After benchmarking all versions across 100 prompts, V3 delivers the best cost-performance ratio: 1.84x speedup over FP8 baseline with the tightest calibration scales.

Model Avg Time/Image Speedup NVFP4 Layers FP8 Layers Key Trait
FP8 Baseline 8.38s 1.00x 0 All Reference quality
V2 (custom calib) 4.52s 1.85x 360 599 First custom calibration
V3 (p99.9 calib) 4.55s 1.84x 360 599 Best cost-performance
V4 (selective) 6.05s 1.39x 240 719 Better quality, slower
V5 (text quality) 8.39s 1.00x 180 779 Best quality, no speedup

V3 uses P99.9 percentile calibration from 53 sample generations with skin-focused prompts. The p99.9 method produces ~74% tighter scales than max aggregation, giving NVFP4 layers better dynamic range utilization without being dominated by rare outlier activations.

V4 and V5 trade speed for quality by keeping more layers at FP8. V5 in particular loses all speedup benefit, making it impractical for production use.


The Problem: Quality Degradation in NVFP4

Converting FP8 to NVFP4 introduces two compounding quality issues:

1. Double Quantization

The pipeline stacks two aggressive quantizations, losing ~5+ bits of precision from the original BF16:

Original BF16 (7 mantissa bits)
    -> FP8 E4M3 (3 mantissa bits)     ~4 bits lost
    -> Upcast to FP32                  No recovery, same 3 bits of real info
    -> NVFP4 (2 bits, 4 quant levels)  ~5+ bits total lost from original

The upcast to FP32 does NOT recover original precision. It just represents already-degraded FP8 values in a larger format.

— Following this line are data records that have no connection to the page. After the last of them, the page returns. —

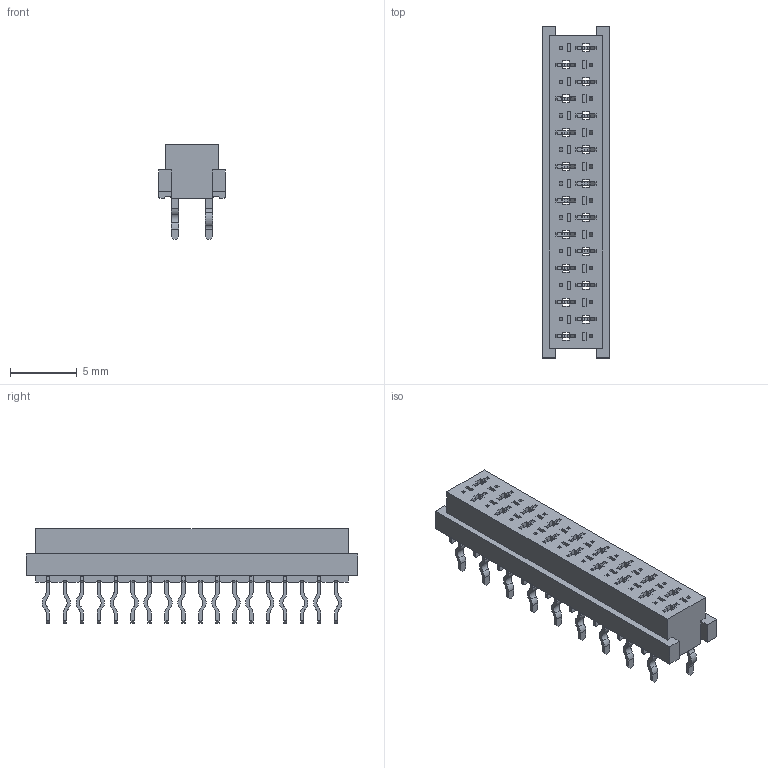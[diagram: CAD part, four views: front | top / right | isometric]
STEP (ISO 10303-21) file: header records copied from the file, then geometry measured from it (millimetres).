
FILE_DESCRIPTION(/* description */ ('Unknown'),/* implementation_level */ '2;1');
FILE_NAME(/* name */ 'J_Wurth_WR-MM_690367181872',/* time_stamp */ '2025-05-08T11:28:17+08:00',/* author */ ('Unknown'),/* organization */ ('Unknown'),/* preprocessor_version */ 'ST-DEVELOPER v19.4',/* originating_system */ 'Solid Edge',/* authorisation */ 'Unknown');
FILE_SCHEMA (('AUTOMOTIVE_DESIGN {1 0 10303 214 3 1 1}'));
Length unit declared in the file: millimetre
Products named in the file (2): J_Wurth_WR-MM_690367181872
Assembly tree (1 placements, depth 2):
  J_Wurth_WR-MM_690367181872
    J_Wurth_WR-MM_690367181872
Bounding box: 5 x 24.86 x 7.1 mm (x, y, z)
Volume: 388.6 mm3; surface area: 872.1 mm2
Topology: 1 solids, 1 shells, 1480 faces, 4232 edges, 2700 vertices
Faces by surface type: plane 1120, cylinder 360
Entity records: 58176 total; most frequent: CARTESIAN_POINT 8522, ORIENTED_EDGE 8464, DIRECTION 7916, EDGE_CURVE 4232, LINE 3440, VECTOR 3440, VERTEX_POINT 2700, AXIS2_PLACEMENT_3D 2238
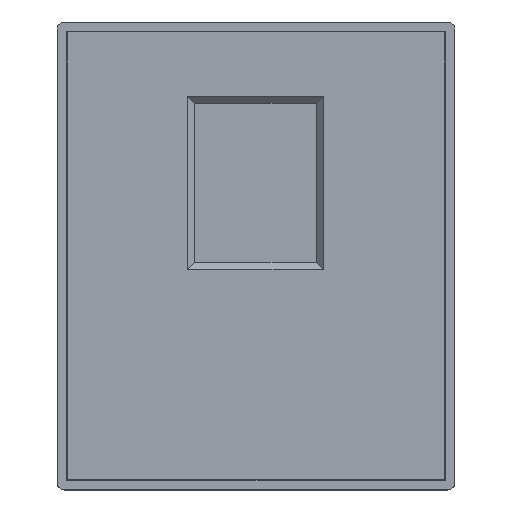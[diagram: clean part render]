
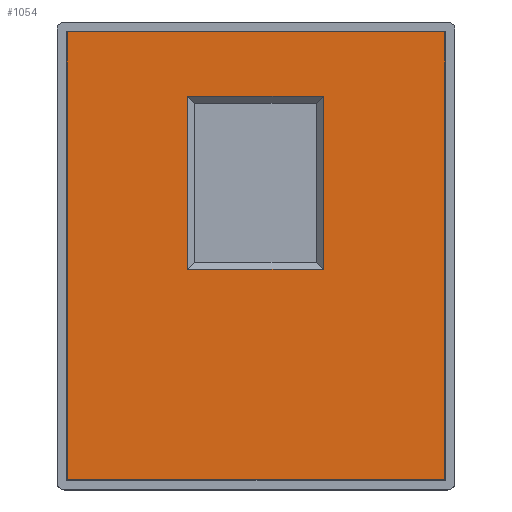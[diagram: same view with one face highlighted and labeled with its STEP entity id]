
A CAD part, top view. The second image highlights one B-rep face of the part: STEP entity #1054.
In plain terms, the highlighted planar face has unit normal (0, 0, 1).
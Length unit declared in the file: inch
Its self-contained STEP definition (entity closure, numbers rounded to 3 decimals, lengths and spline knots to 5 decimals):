
#1054=ADVANCED_FACE('',(#2140,#2141),#2142,.T.);
#2140=FACE_OUTER_BOUND('',#3246,.T.);
#2141=FACE_BOUND('',#3247,.T.);
#2142=PLANE('',#3248);
#3246=EDGE_LOOP('',(#5994,#5995,#5996,#5997));
#3247=EDGE_LOOP('',(#5998,#5999,#6000,#6001));
#3248=AXIS2_PLACEMENT_3D('',#6002,#6003,#6004);
#5994=ORIENTED_EDGE('',*,*,#7217,.T.);
#5995=ORIENTED_EDGE('',*,*,#7171,.T.);
#5996=ORIENTED_EDGE('',*,*,#7198,.T.);
#5997=ORIENTED_EDGE('',*,*,#7224,.T.);
#5998=ORIENTED_EDGE('',*,*,#7225,.F.);
#5999=ORIENTED_EDGE('',*,*,#7226,.F.);
#6000=ORIENTED_EDGE('',*,*,#7227,.F.);
#6001=ORIENTED_EDGE('',*,*,#7228,.F.);
#6002=CARTESIAN_POINT('',(3.33661,3.94685,2.00787));
#6003=DIRECTION('',(0.0,0.0,1.0));
#6004=DIRECTION('',(1.0,0.0,0.0));
#7171=EDGE_CURVE('',#8767,#8765,#8768,.T.);
#7198=EDGE_CURVE('',#8765,#8807,#8808,.T.);
#7217=EDGE_CURVE('',#8841,#8767,#8842,.T.);
#7224=EDGE_CURVE('',#8807,#8841,#8853,.T.);
#7225=EDGE_CURVE('',#8854,#8855,#8856,.T.);
#7226=EDGE_CURVE('',#8857,#8854,#8858,.T.);
#7227=EDGE_CURVE('',#8859,#8857,#8860,.T.);
#7228=EDGE_CURVE('',#8855,#8859,#8861,.T.);
#8765=VERTEX_POINT('',#10843);
#8767=VERTEX_POINT('',#10846);
#8768=LINE('',#10847,#10848);
#8807=VERTEX_POINT('',#10906);
#8808=LINE('',#10907,#10908);
#8841=VERTEX_POINT('',#10957);
#8842=LINE('',#10958,#10959);
#8853=LINE('',#10975,#10976);
#8854=VERTEX_POINT('',#10977);
#8855=VERTEX_POINT('',#10978);
#8856=LINE('',#10979,#10980);
#8857=VERTEX_POINT('',#10981);
#8858=LINE('',#10982,#10983);
#8859=VERTEX_POINT('',#10984);
#8860=LINE('',#10985,#10986);
#8861=LINE('',#10987,#10988);
#10843=CARTESIAN_POINT('',(6.52559,0.16732,2.00787));
#10846=CARTESIAN_POINT('',(0.16732,0.16732,2.00787));
#10847=CARTESIAN_POINT('',(3.33661,0.16732,2.00787));
#10848=VECTOR('',#12373,1.0);
#10906=CARTESIAN_POINT('',(6.52559,7.70669,2.00787));
#10907=CARTESIAN_POINT('',(6.52559,3.94685,2.00787));
#10908=VECTOR('',#12393,1.0);
#10957=CARTESIAN_POINT('',(0.16732,7.70669,2.00787));
#10958=CARTESIAN_POINT('',(0.16732,3.94685,2.00787));
#10959=VECTOR('',#12410,1.0);
#10975=CARTESIAN_POINT('',(3.33661,7.70669,2.00787));
#10976=VECTOR('',#12416,1.0);
#10977=CARTESIAN_POINT('',(2.19488,6.62402,2.00787));
#10978=CARTESIAN_POINT('',(2.19488,3.71063,2.00787));
#10979=CARTESIAN_POINT('',(2.19488,4.25197,2.00787));
#10980=VECTOR('',#12417,1.0);
#10981=CARTESIAN_POINT('',(4.47835,6.62402,2.00787));
#10982=CARTESIAN_POINT('',(3.33661,6.62402,2.00787));
#10983=VECTOR('',#12418,1.0);
#10984=CARTESIAN_POINT('',(4.47835,3.71063,2.00787));
#10985=CARTESIAN_POINT('',(4.47835,4.25197,2.00787));
#10986=VECTOR('',#12419,1.0);
#10987=CARTESIAN_POINT('',(3.33661,3.71063,2.00787));
#10988=VECTOR('',#12420,1.0);
#12373=DIRECTION('',(1.0,0.0,0.0));
#12393=DIRECTION('',(0.0,1.0,-0.0));
#12410=DIRECTION('',(0.0,-1.0,0.0));
#12416=DIRECTION('',(-1.0,0.0,0.0));
#12417=DIRECTION('',(0.0,-1.0,0.0));
#12418=DIRECTION('',(-1.0,0.0,0.0));
#12419=DIRECTION('',(0.0,1.0,0.0));
#12420=DIRECTION('',(1.0,0.0,0.0));

Constraint: We cannot access the original BF16 weights or the original FP8 quantization scales. The Qwen-Rapid-AIO models are only distributed in FP8 format.

2. Calibration Mismatch

The base calibration (calibs/qwen-image-edit-2511.json) was generated from the original qwen-image-edit-2511 model, not our LoRA-merged variant. When LoRAs are merged (W' = W + BA), weight magnitudes and activation ranges shift significantly. Our custom calibration values were ~20x larger than the base calibration, confirming the mismatch.

Mismatch Type Effect on Output
Scale too large Activations quantized toward zero (underflow)
Scale too small Activations clipped at max (overflow)
General mismatch Poor utilization of NVFP4's 4 quantization levels

Improvement Journey

We iterated through 5 model versions, each addressing a specific quality or performance issue:

V1: Baseline NVFP4 (External Calibration)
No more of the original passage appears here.